:: The task ::
Only the lines from the one bearing "3.6 s after image 1." through the end of the entries should be output, exactly as they stand, and pictures should be skipped.
--------------------------------
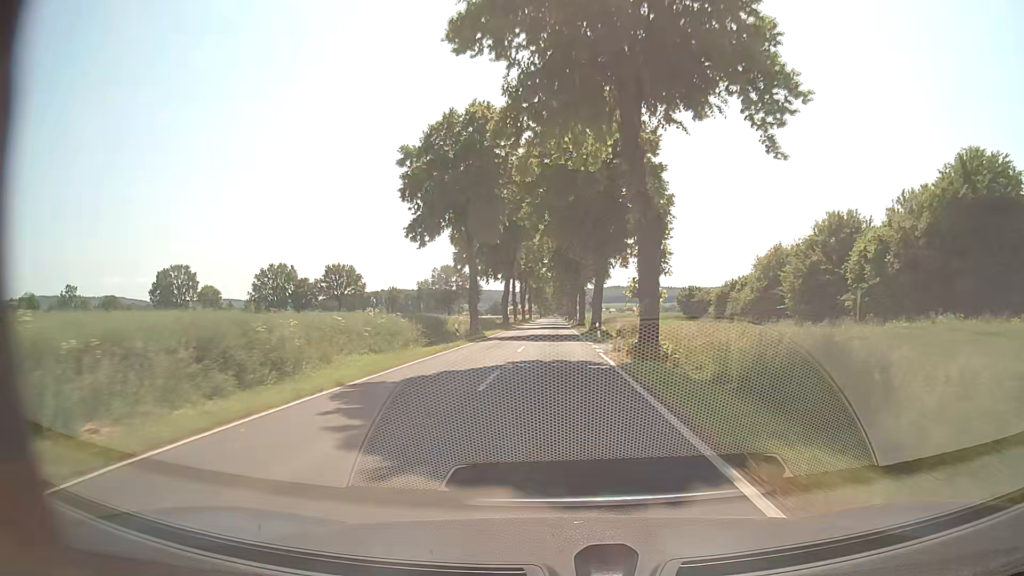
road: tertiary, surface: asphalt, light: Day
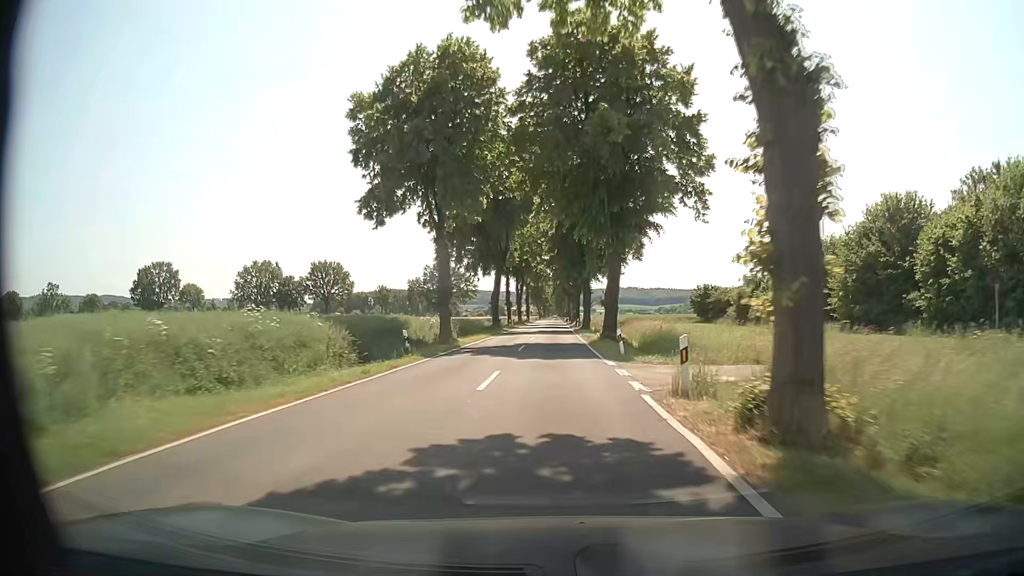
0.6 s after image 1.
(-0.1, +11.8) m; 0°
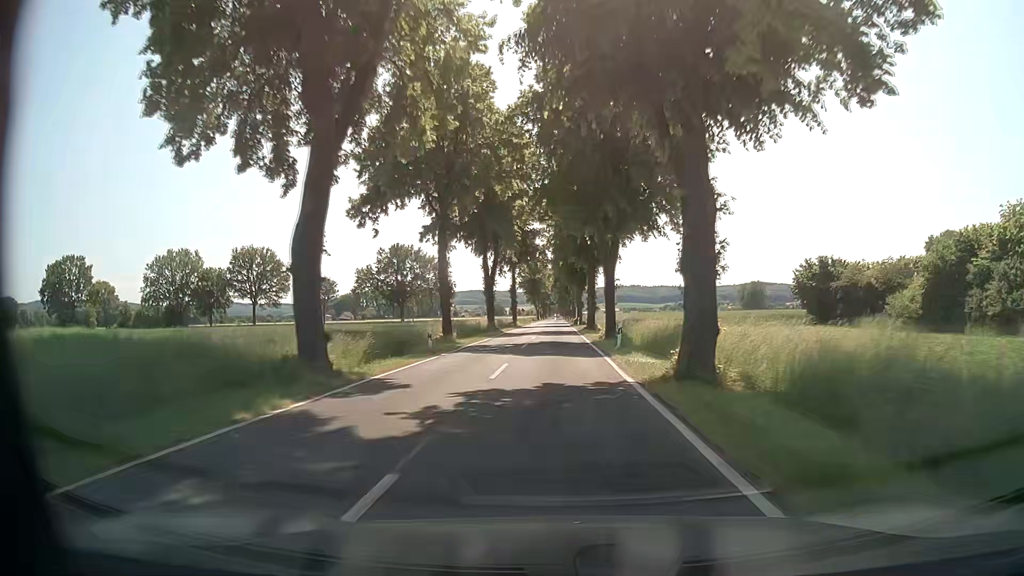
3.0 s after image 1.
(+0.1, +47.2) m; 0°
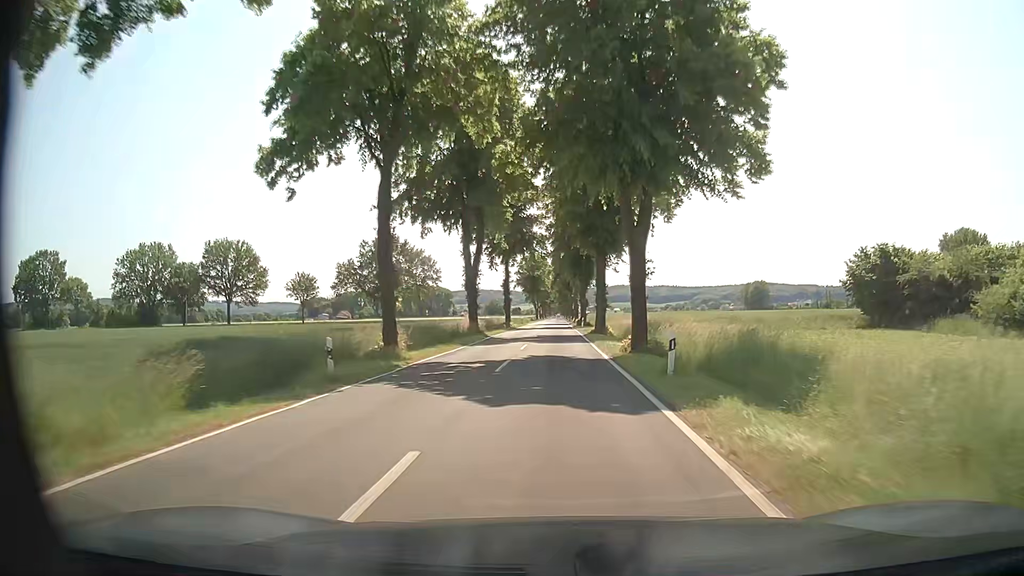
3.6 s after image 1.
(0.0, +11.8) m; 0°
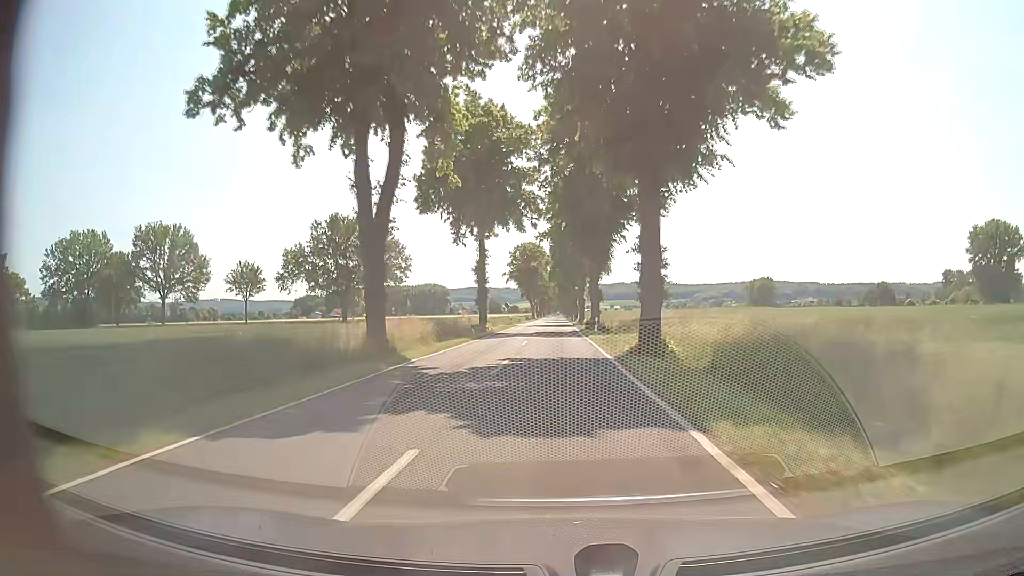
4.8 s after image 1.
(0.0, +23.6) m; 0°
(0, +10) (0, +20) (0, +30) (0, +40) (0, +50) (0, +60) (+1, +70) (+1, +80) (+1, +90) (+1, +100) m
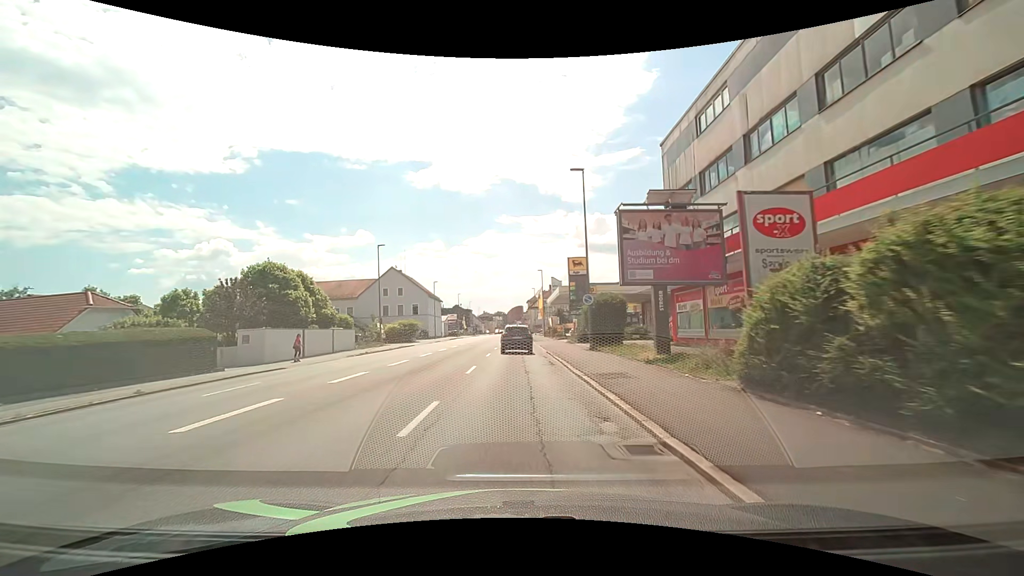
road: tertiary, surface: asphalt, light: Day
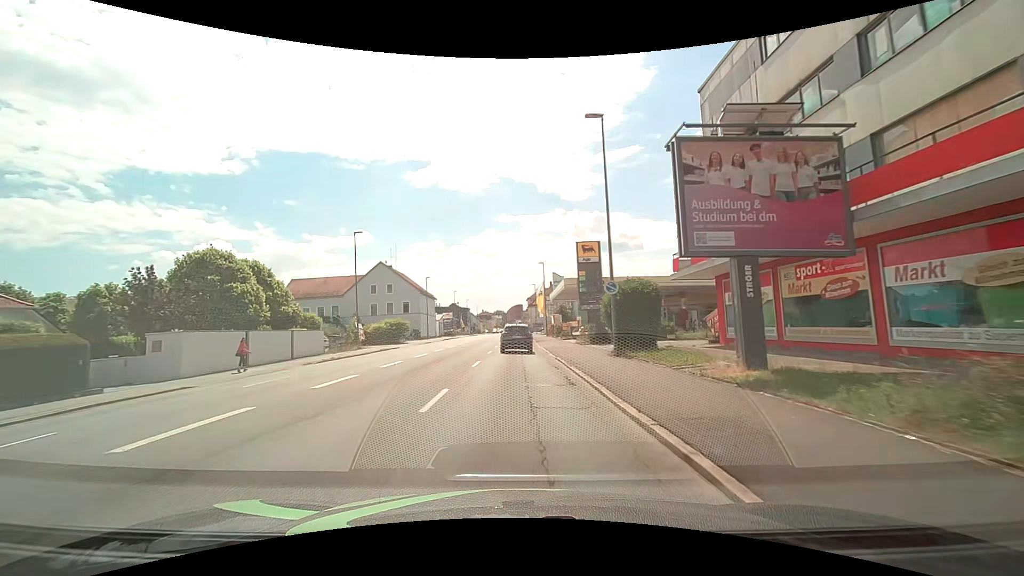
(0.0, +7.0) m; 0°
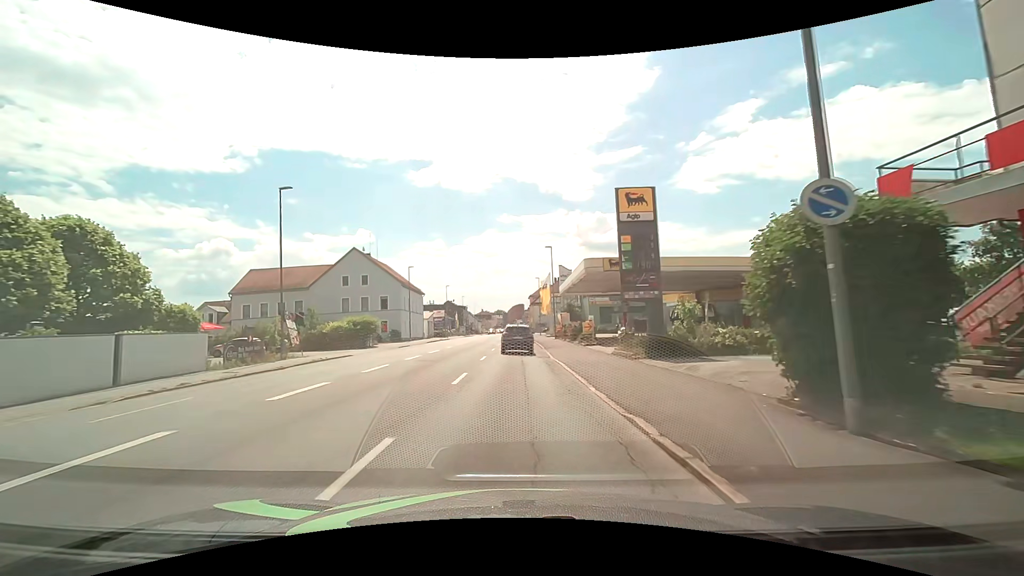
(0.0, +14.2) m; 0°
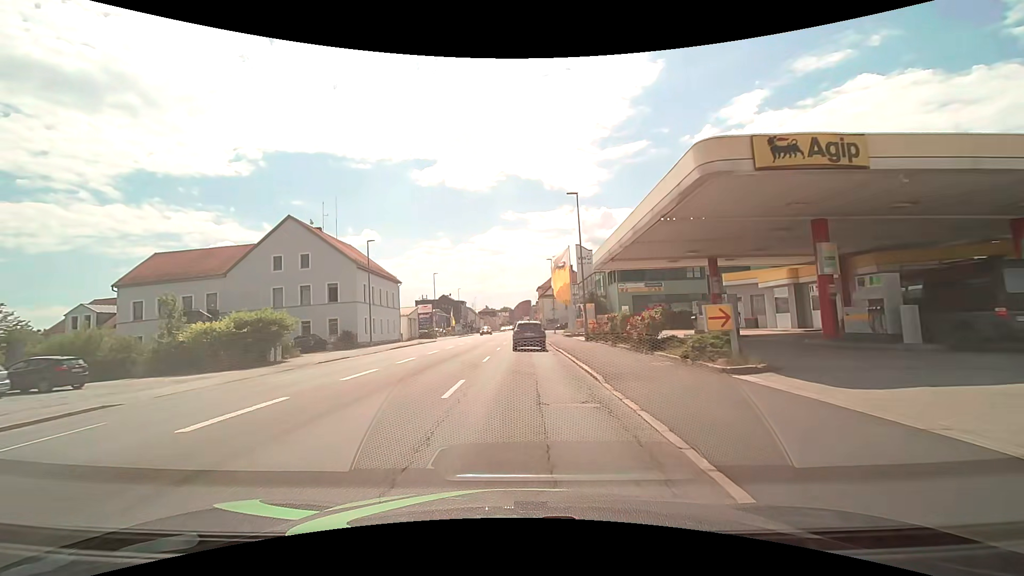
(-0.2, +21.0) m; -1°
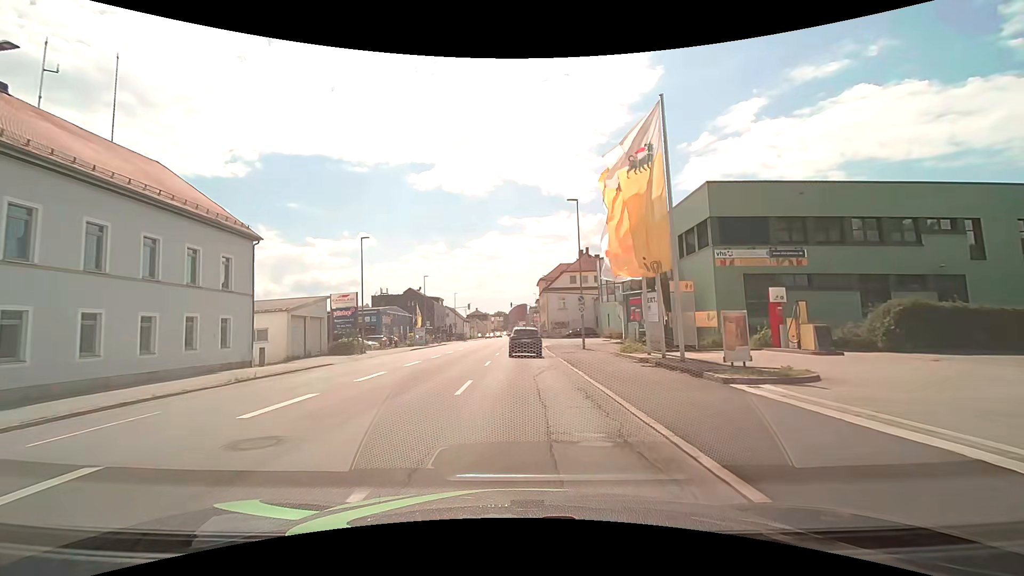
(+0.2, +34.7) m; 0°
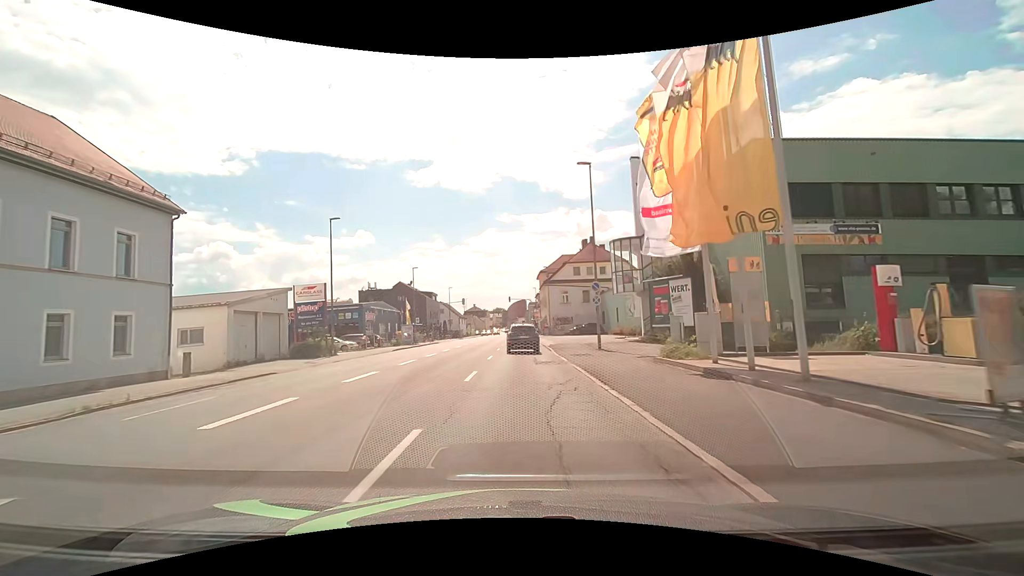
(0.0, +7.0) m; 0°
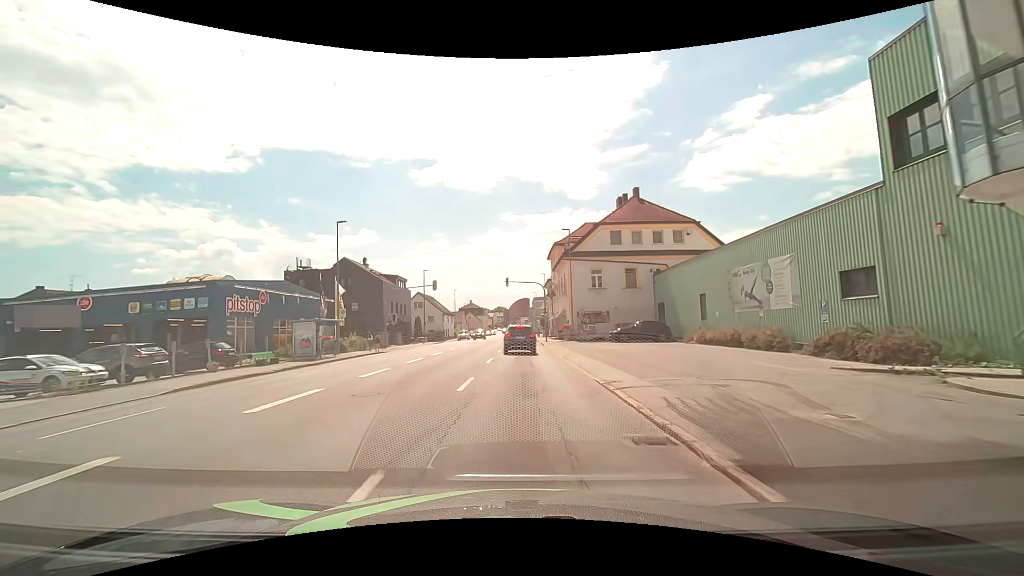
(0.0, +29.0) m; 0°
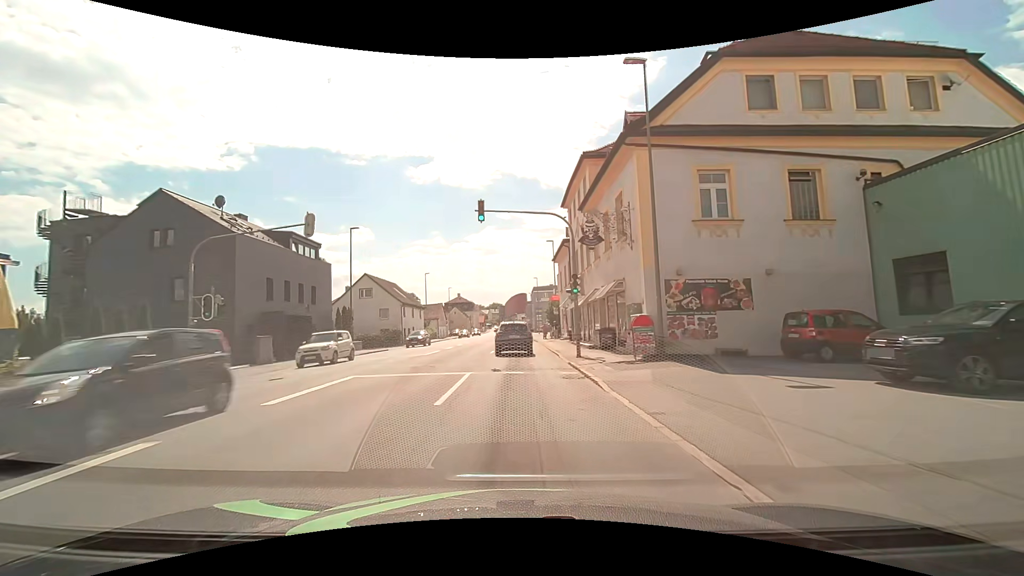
--------------------------------
:: Written reply ::
3.6 s after image 1.
(0.0, +11.8) m; 0°
4.8 s after image 1.
(0.0, +23.6) m; 0°
(0, +10) (0, +20) (0, +30) (0, +40) (0, +50) (0, +60) (+1, +70) (+1, +80) (+1, +90) (+1, +100) m
road: tertiary, surface: asphalt, light: Day
(0.0, +7.0) m; 0°
(0.0, +14.2) m; 0°
(-0.2, +21.0) m; -1°
(+0.2, +34.7) m; 0°
(0.0, +7.0) m; 0°
(0.0, +29.0) m; 0°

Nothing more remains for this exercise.